Member Rating 4 out of 5 by Gaires2359 on November 22, 2004

Kaiser-Wilhelm-Gedächtnis-Kirche is one of Berlin’s most haunting symbols; the tower of the original church –- destroyed during World War II –- stands in the centre of Breitscheidplatz, serving both as a memorial and reminder of the terrors of war. The ruins of this old church near the zoo railway station have been preserved as a reminder of the senseless destruction that did not even spare houses of God. Professor Egon Eiermann, the architect entrusted with the project, combined the ruins of the spire with bold modern church architecture, preserving a number of surviving mosaics. His design was the subject of long controversy.

Only the tower of the memorial church survived the destruction of 1943, which razed the city to the ground. Today only 63m high, it once rose to 113m. The hole in the tower’s roof has a sharply ragged edge which is why the tower was nicknamed "hollow tooth" by the Berliners. The Neo-Romanesque church was given the name of Kaiser Wilhelm Memorial Church in 1189, to honour Wilhelm I. Next to it, Eiermann erected a new church in 1957-63 where religious services are now conducted.

On the interior, one of the mosaics that has been preserved depicts Emperor Heinrich I on his throne, with imperial orb and sceptre. Originally decorated throughout with scenes from German imperial history, the church interior was meant to place the Hohenzollerns within this tradition and adorns the vestibules of the church ruins. It depicts Emperor Wilhelm I, together with Queen Luise of Prussia and her entourage.
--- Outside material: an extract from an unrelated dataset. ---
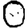
Digit: 0
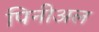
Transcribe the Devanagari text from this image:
पिनीअल
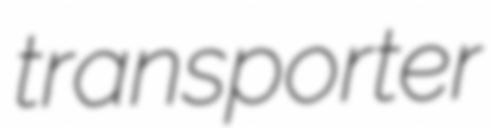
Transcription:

A small crucifix, forged from old nails that were found in the ruins of the Coventry Cathedral, commemorates the bombings of Coventry, England, by the German Luftwaffe in 1940. There is another cross, a gift from the Russian Orthodox bishops of Volokolomsk and Yuruyev, given in memory of victims of Nazism.

The new hexagonal bell tower rises 53m high next to the tower ruins, on the site of the old church’s main nave. The golden figure of Christ created by Karl Hemmeter is suspended above the modern main altar in the new church. In the evening light, the windows behind the altar glow an overwhelming dark blue. The tower bears a clock based on a Classical design, with Roman numerals. At night, it is lit in blue by modern light, emitting diodes to match the lighting inside the new church.